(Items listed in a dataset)
------

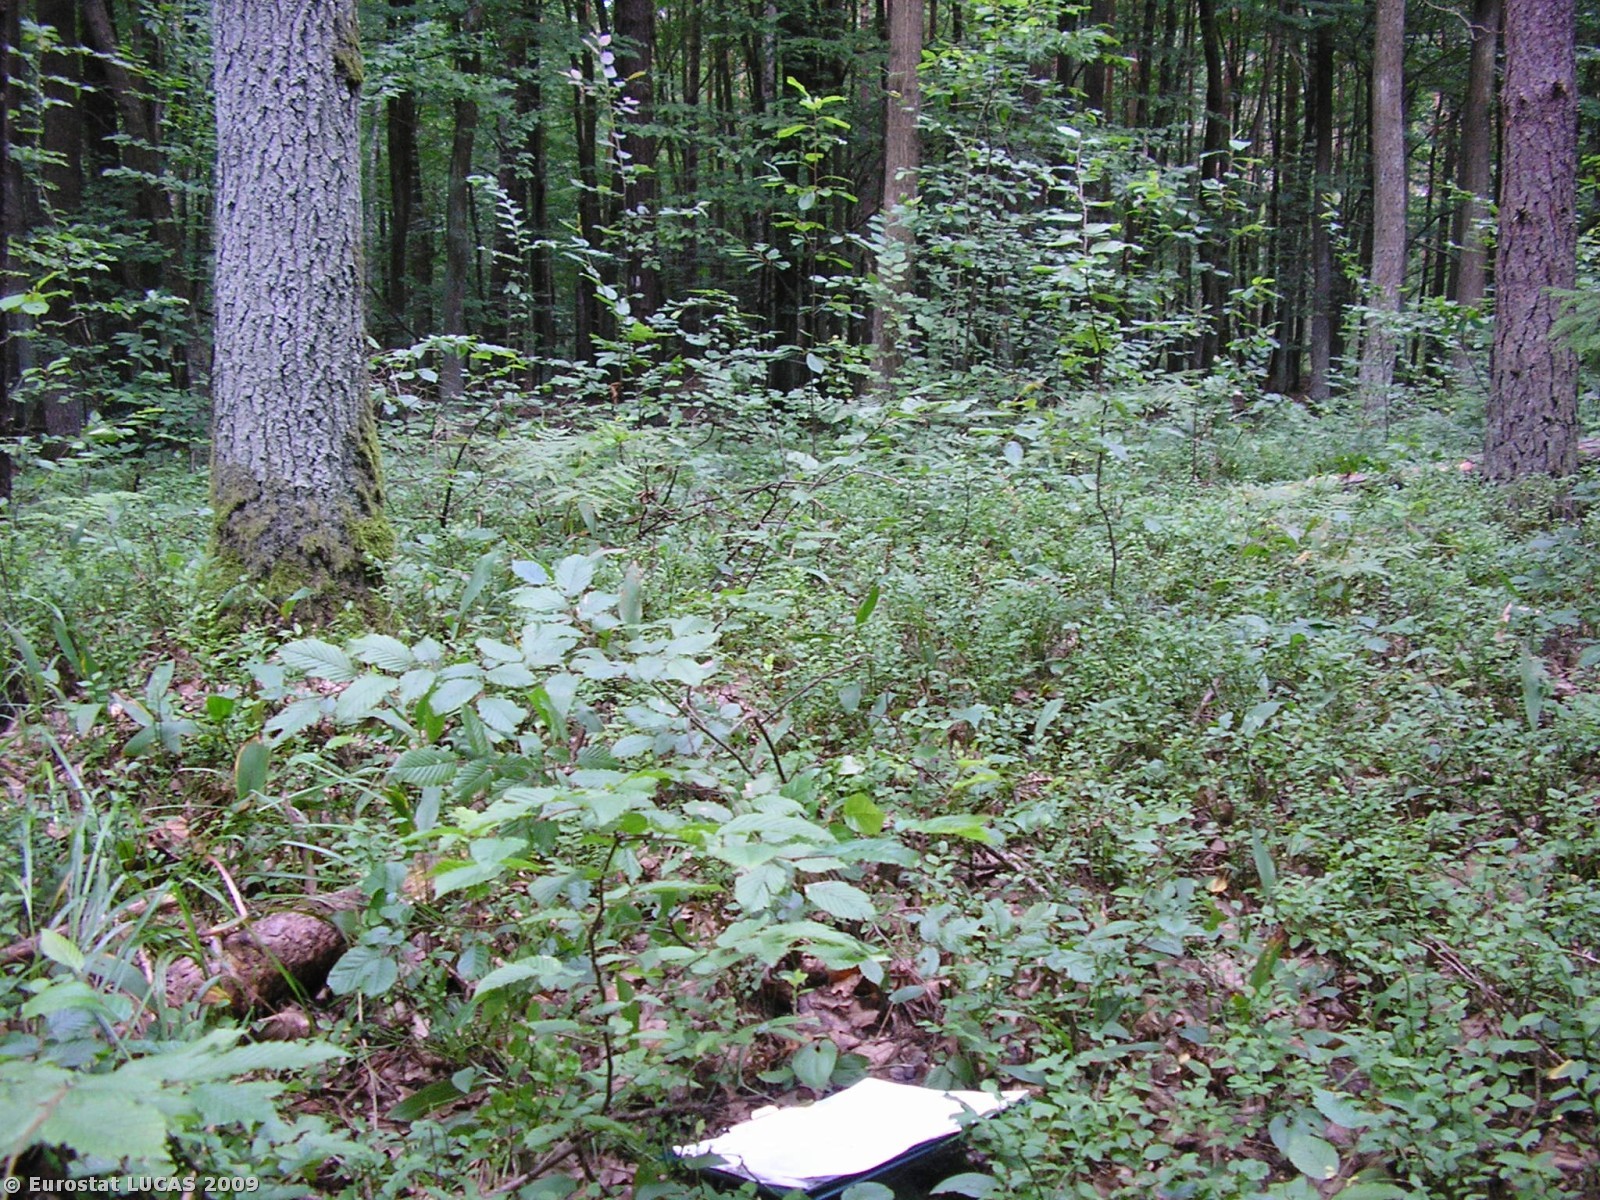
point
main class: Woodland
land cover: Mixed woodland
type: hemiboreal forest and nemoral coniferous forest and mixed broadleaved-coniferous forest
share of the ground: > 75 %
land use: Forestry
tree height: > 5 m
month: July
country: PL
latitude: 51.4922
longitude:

------

Aim of the task ::
Without the pictures, copy all of the entries exactly as they appear.

The completed task ::
point
main class: Woodland
land cover: Mixed woodland
type: hemiboreal forest and nemoral coniferous forest and mixed broadleaved-coniferous forest
share of the ground: > 75 %
land use: Forestry
tree height: > 5 m
month: July
country: PL
latitude: 51.4922
longitude:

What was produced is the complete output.